La journée a été difficile. A part mon père, le Gouverneur, et quelques autres personnes qui vivaient avec nous à la prison, nous n'avons trouvé personne. Pas de trace d'éventuels survivants. Pourtant, Carol a raison : si leurs corps ne sont pas là, c'est qu'ils ont au moins réussi à s'enfuir. Mais savoir où ils sont maintenant, ça, c'est une autre histoire.
- Désolé pour ton père, me dit Merle.
- Merci, dis-je tristement.
Je revois la tête de mon père gisant dans l'herbe et je me mets à trembler. Le couteau me glisse des mains et tombe à terre dans un grand bruit métallique.
Merle se penche et le ramasse pour moi.
- J'ai peur, dis-je. Papa, c'était le seul médecin du groupe, et je... J'étais rassurée de savoir qu'il serait là pour m'aider avec le bébé...
Je tends la main pour récupérer mon couteau, mais au lieu de me le donner, Merle le dépose sur le plan de travail. Je regarde ma main : je tremble encore. Il a peut-être raison, en fait.

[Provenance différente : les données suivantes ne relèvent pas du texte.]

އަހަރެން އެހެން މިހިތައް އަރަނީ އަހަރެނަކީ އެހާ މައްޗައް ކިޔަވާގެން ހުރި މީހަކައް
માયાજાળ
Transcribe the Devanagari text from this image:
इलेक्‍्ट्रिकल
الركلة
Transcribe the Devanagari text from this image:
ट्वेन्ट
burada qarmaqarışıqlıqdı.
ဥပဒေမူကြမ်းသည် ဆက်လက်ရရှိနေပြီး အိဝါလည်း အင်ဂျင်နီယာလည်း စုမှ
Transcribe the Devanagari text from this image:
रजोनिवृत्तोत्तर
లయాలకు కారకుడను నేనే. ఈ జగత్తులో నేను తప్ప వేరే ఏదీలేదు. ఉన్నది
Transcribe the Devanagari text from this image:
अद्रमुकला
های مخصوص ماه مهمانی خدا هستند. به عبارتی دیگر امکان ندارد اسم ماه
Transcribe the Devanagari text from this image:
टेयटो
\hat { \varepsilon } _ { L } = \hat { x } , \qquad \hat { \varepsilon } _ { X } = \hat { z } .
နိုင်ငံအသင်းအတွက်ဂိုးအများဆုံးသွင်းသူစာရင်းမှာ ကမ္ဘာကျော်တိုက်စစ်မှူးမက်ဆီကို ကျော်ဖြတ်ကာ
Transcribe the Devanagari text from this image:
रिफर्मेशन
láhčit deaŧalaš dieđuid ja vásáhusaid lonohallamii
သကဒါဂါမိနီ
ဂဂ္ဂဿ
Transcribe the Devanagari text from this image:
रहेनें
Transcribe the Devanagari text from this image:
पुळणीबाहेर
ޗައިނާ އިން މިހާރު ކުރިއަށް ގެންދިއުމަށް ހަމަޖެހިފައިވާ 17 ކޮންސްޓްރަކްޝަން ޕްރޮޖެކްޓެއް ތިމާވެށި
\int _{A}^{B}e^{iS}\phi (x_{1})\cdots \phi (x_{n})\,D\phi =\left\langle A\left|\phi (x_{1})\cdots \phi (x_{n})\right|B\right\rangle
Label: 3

Je porte ma main à mon visage et frotte mes yeux. Je sens à nouveau les larmes monter et ça m'exaspère d'avoir en permanence envie de pleurer.
- Ça va aller, me rassure Merle. On trouvera un autre médecin d'ici là. Dans six mois, non seulement on aura retrouvé tout le groupe en vie, mais en plus, on se sera trouvé un super abri où aucun rôdeur pourra rentrer.

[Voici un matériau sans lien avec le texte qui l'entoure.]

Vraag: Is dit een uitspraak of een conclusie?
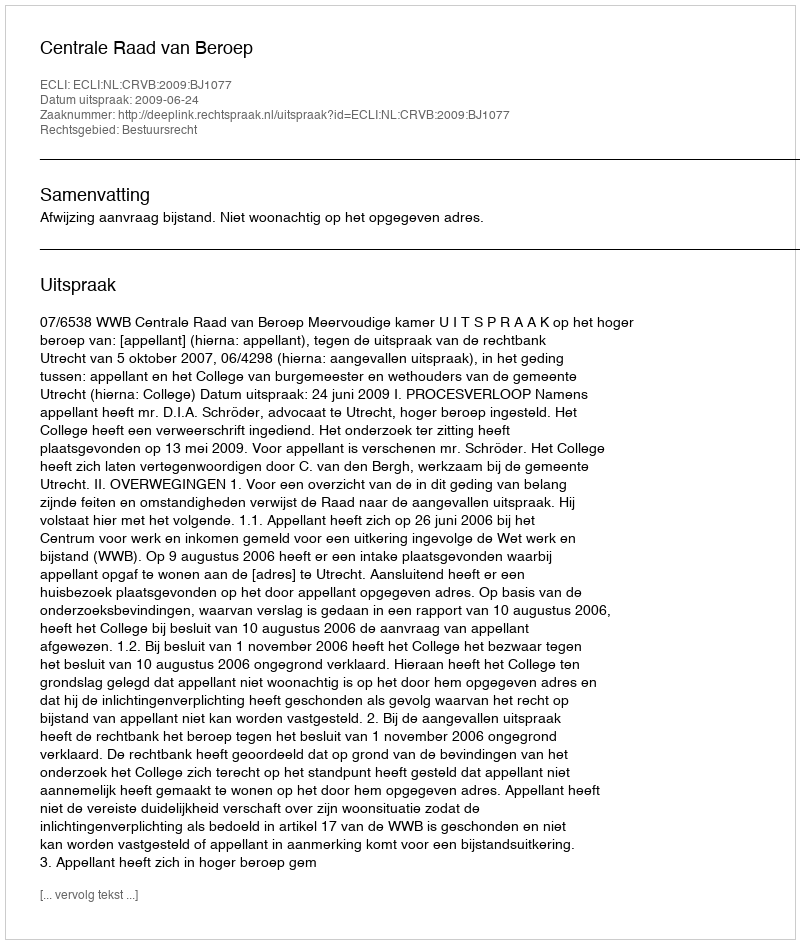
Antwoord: Uitspraak

Je souris. Une larme roule le long de ma joue et Merle lève le pouce et l'attrape avant qu'elle ne coule. Il me caresse doucement le visage et je revois en lui l'homme que j'aimais il y a peu de temps. L'homme que je n'ai en fait jamais cessé d'aimer.
Et quand il pose ses lèvres sur les miennes, j'oublie tout et me laisse sombrer dans son baiser.
...
Après m'être grossièrement lavée avec le peu d'eau ramenée par Daryl et Carol, je rejoins la chambre et découvre, surprise, Merle allongé sur le lit en train de feuilleter une BD.
Je m'approche de lui.
- C'est de l'espagnol, dis-je en riant, tu comprends quelque chose ?
- Absolument rien, dit-il avec un petit sourire.
Je m'allonge à côté de lui et pose ma tête sur son torse. Il dépose sa BD et me caresse les cheveux.
- Tu vas encore m'abandonner ? demande-je.
- Pourquoi je ferais ça ? me répond-il.
- Parce que tu l'as déjà fait ! Merle, je t'aime, et je... enfin je veux dire, tu es le père de mon enfant ! Et je crois que je ne pourrais pas survivre à ta perte encore une fois.
- Tu ne me perdras plus, dit-il.
- Plus jamais ?
- Plus jamais.
Je me retourne et l'embrasse sur la bouche. Ses lèvres sont douces et sa peau me manque. Je retire mon t-shirt, puis il retire le sien. Ça fait bien trop longtemps que je n'ai plus pu caresser son torse. Ses mains me massent le dos et je ferme les yeux pour savourer.
La nuit peut être longue, cette fois, je m'en fiche.